I'm game, what the hell.


----------



## fished (Jan 18, 2020)

I'm in, if I'm not too late


----------



## Danno44 (Jan 18, 2020)

Also in please if still time.  Thanks!


----------



## Mike Pom (Jan 18, 2020)

In Please


----------



## doug7 (Jan 18, 2020)

If the draw hasn't occurred, please include me.
Also, good morning.


----------



## goldendogs (Jan 18, 2020)

I'm in  if it's not to late. thank you


----------



## dave17a (Jan 18, 2020)

IN!


----------



## SmokinAintEasy (Jan 18, 2020)

I’m in


View attachment 428577

[/QUOTE]


----------



## WildewoodBBQ (Jan 18, 2020)

Inkbirdbbq said:


> Sorry for the late reply. This time giveaway has ended!!!! The winner is
> W
> WildewoodBBQ
> Congrats friend.Please *contact me* to claim your prizes.Thanks for friends who entered.
> ...




Oh shit!!!! 

I’m not a loser anymore!!!!

Good luck to the next loser to break their loser streak!!!

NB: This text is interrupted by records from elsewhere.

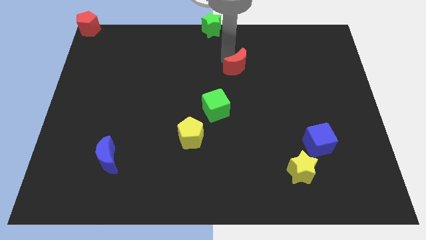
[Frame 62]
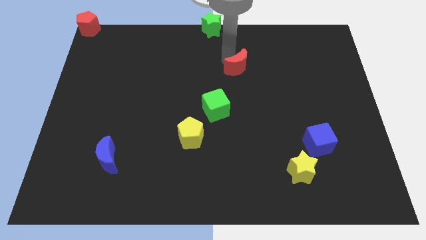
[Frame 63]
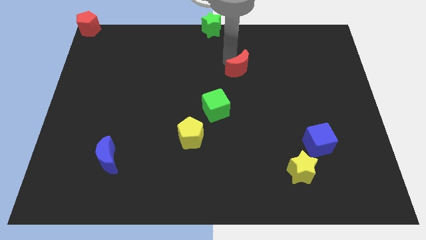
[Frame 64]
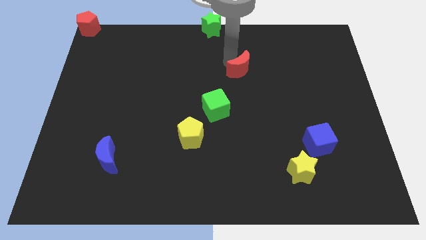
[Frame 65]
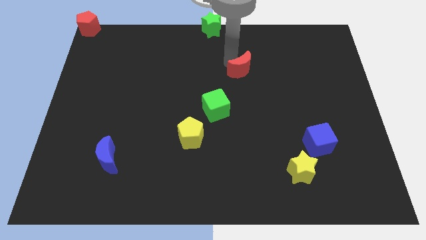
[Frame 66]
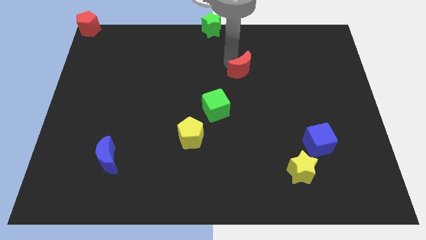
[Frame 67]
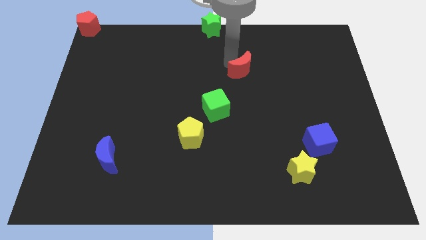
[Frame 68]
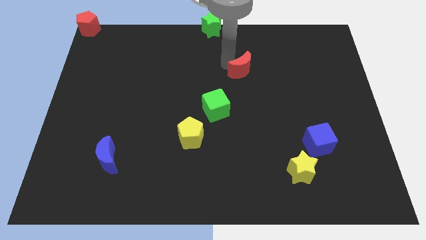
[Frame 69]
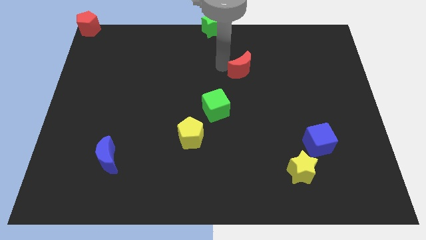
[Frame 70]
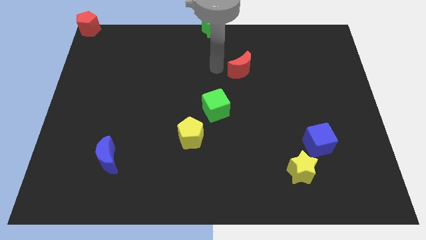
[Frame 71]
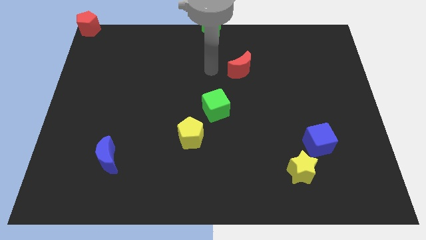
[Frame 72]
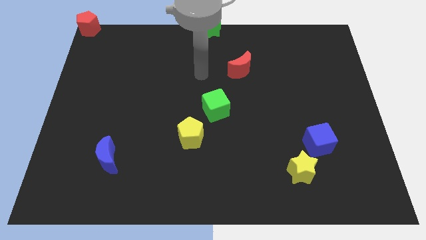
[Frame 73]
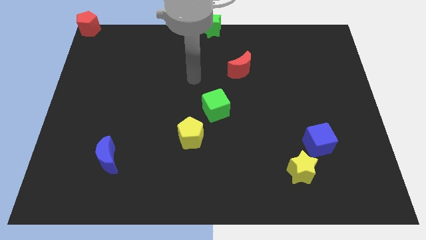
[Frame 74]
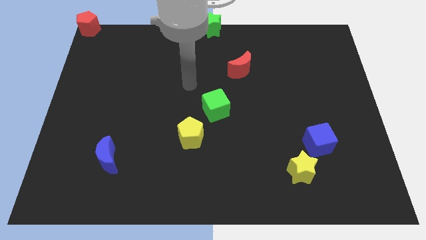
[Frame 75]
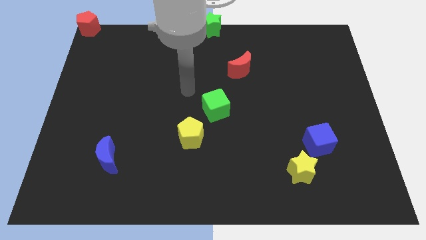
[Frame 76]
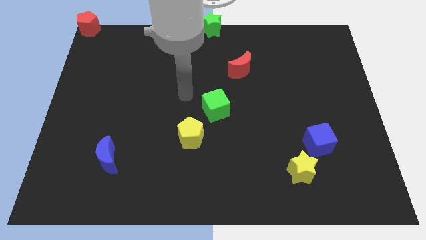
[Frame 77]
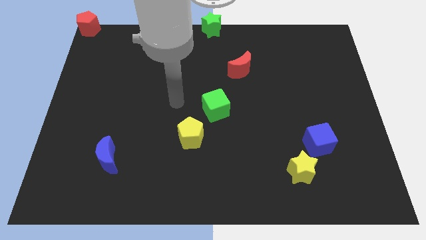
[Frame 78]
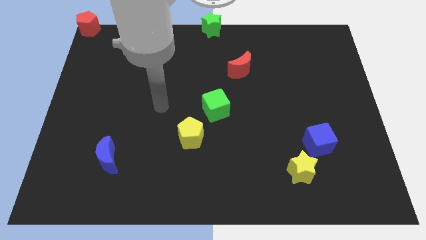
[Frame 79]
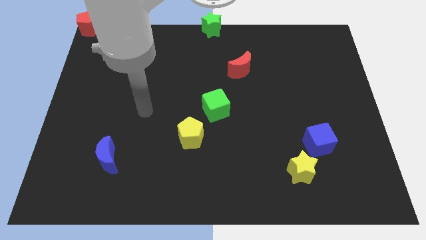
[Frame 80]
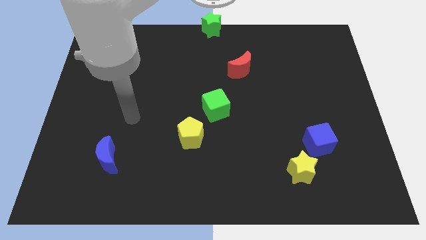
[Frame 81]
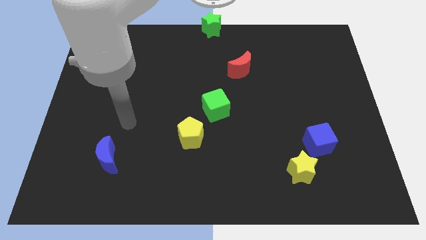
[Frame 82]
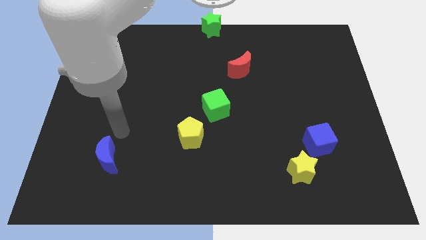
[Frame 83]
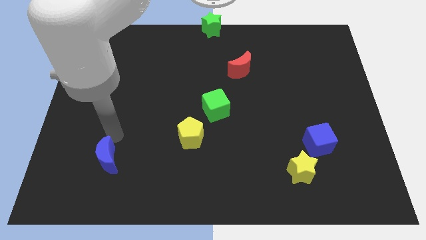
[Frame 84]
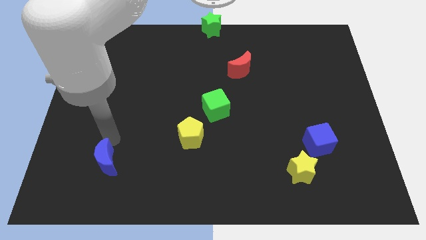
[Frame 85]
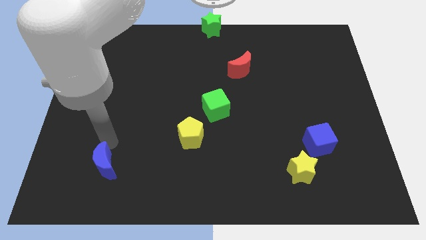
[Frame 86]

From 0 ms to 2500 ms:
slightly move the red crescent

Thank you so much, I am really looking forward to this!!

Thanks Inkbird!!


----------



## Inkbirdbbq (Jan 18, 2020)

WildewoodBBQ said:


> Oh shit!!!!
> 
> I’m not a loser anymore!!!!
> 
> ...


 No thanks need.


----------



## sawhorseray (Jan 19, 2020)

Congratulations WW! Even a blind squirrel finds a nut every now and then. RAY


----------



## Inkbirdbbq (Jan 19, 2020)

sawhorseray said:


> Congratulations WW! Even a blind squirrel finds a nut every now and then. RAY


Better luck next time giveaway!


----------



## smokerjim (Jan 19, 2020)

congrats wwbbq, I know you'll enjoy it.  thanks again to inkbird for another great giveaway.


----------



## Mike Pom (Jan 19, 2020)

thanks


----------